Et puis je suis allée chez mon audioprothésiste.
J’ai fait régler mes appareils.
Je me suis réhabituée.
C’est vrai que le moment de la nouvelle est vraiment difficile.
Une impression de se faire engloutir par les abysses. La tête sous l’eau, sans pouvoir remonter pour prendre l’air.
La chance que j’ai eue, et que j’ai toujours, c’est d’être bien entourée.
Le fait de me rendre compte que mon couple est solide, et que ma perte auditive ne sera pas la cause d’une déchirure, déjà, c’est énorme.
Et aussi la présence de ma famille et de mes amis.
Et enfin, la confiance en moi. Cette petite voix intérieure qui m’assure que quoi qu’il arrive, je trouverai comment faire face. Que j’ai assez de créativité, assez de résilience et assez de soutien pour rebondir, cette fois encore.
L’espoir que la technologie va continuer à progresser, et que bientôt, j’aurai une application sur mon téléphone qui me permettra de téléphoner avec des sous-titres en temps réel.

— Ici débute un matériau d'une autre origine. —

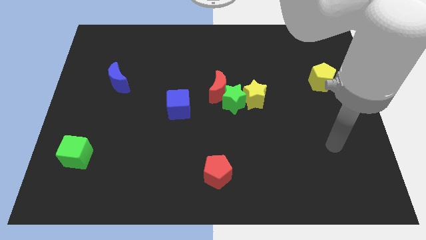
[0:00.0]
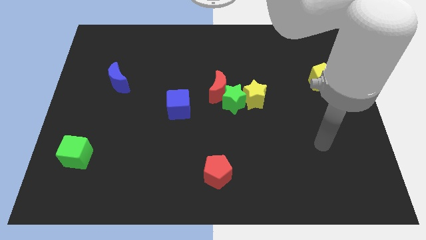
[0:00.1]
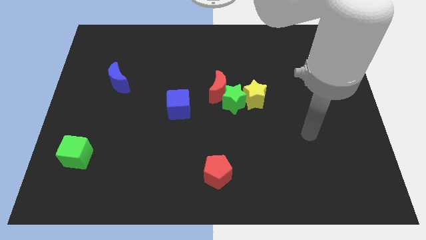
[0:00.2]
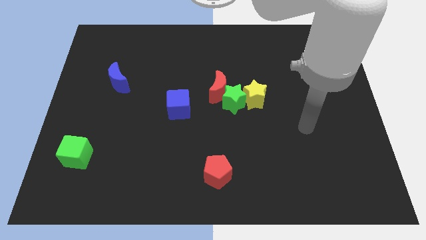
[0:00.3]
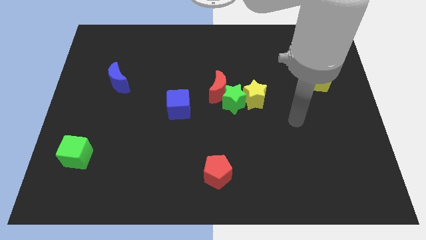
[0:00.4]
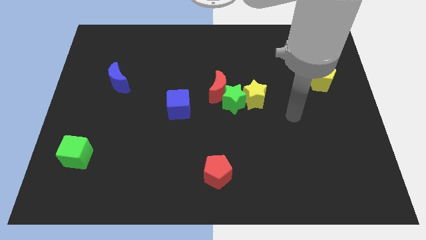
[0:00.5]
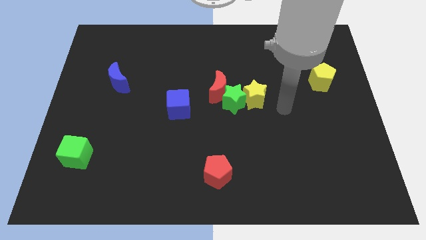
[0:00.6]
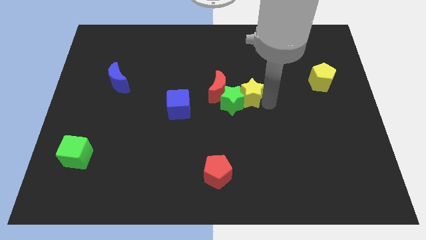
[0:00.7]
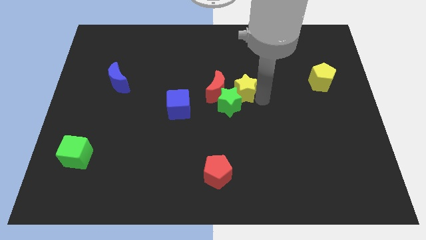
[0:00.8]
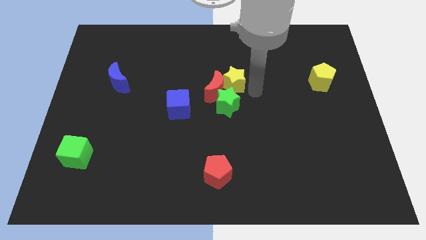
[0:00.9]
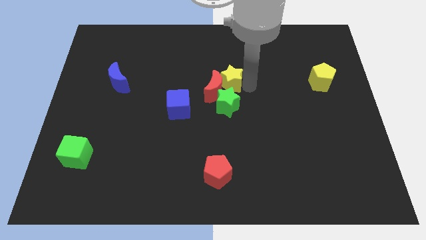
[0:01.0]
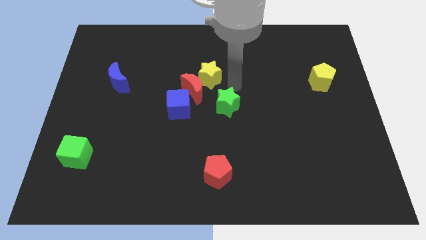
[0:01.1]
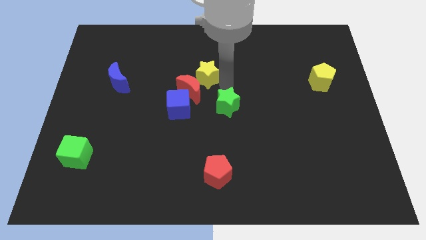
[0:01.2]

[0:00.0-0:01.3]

Bientôt.
Et puis, finalement, cette période passe, et je m’habitue.
Je m’habitue à la perte d’audition.
Je m’habitue à mettre mes appareils auditifs tous les matins.
Je m’habitue même aux moments où il faut faire répéter cinq ou six fois pour ne pas comprendre malgré tout.
Et je recommence à voir de la beauté autour de moi, à ressentir l’exaltation d’avoir des projets, et la joie d’être en vie.